INSTRUCTIONS FOR THE TASK :: Look for the line with "Answer in one word or a short phrase." in the entries below, then extract that line and all lines after it exactly, with pictures left out.

DATASET RECORDS ::
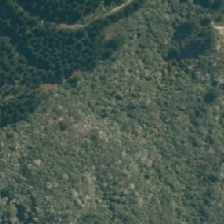
Land cover: broadleaved_indigenous_hardwood
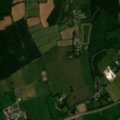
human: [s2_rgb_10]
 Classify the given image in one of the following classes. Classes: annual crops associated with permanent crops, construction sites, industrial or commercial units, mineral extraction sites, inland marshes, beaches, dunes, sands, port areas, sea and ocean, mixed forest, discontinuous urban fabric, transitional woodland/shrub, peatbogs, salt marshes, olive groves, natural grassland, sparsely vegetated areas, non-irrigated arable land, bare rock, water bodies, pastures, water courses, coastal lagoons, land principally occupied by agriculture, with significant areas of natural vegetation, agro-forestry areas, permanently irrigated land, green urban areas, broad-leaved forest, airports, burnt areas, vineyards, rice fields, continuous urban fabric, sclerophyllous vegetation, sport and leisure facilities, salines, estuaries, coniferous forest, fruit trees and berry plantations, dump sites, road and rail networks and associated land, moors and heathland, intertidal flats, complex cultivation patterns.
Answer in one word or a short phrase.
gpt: discontinuous urban fabric, non-irrigated arable land, pastures
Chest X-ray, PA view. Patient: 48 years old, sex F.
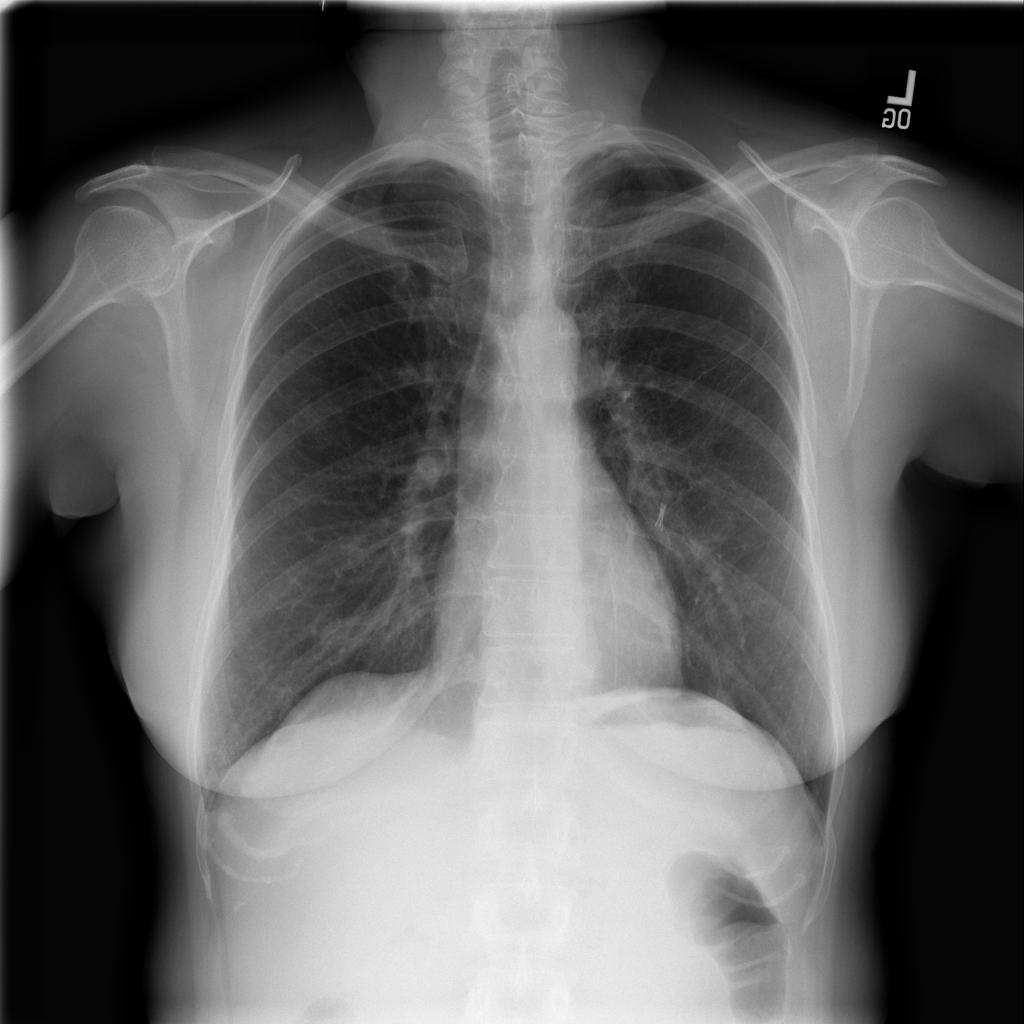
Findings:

OUTPUT FOR THIS TASK ::
Answer in one word or a short phrase.
gpt: discontinuous urban fabric, non-irrigated arable land, pastures
Chest X-ray, PA view. Patient: 48 years old, sex F.
Findings:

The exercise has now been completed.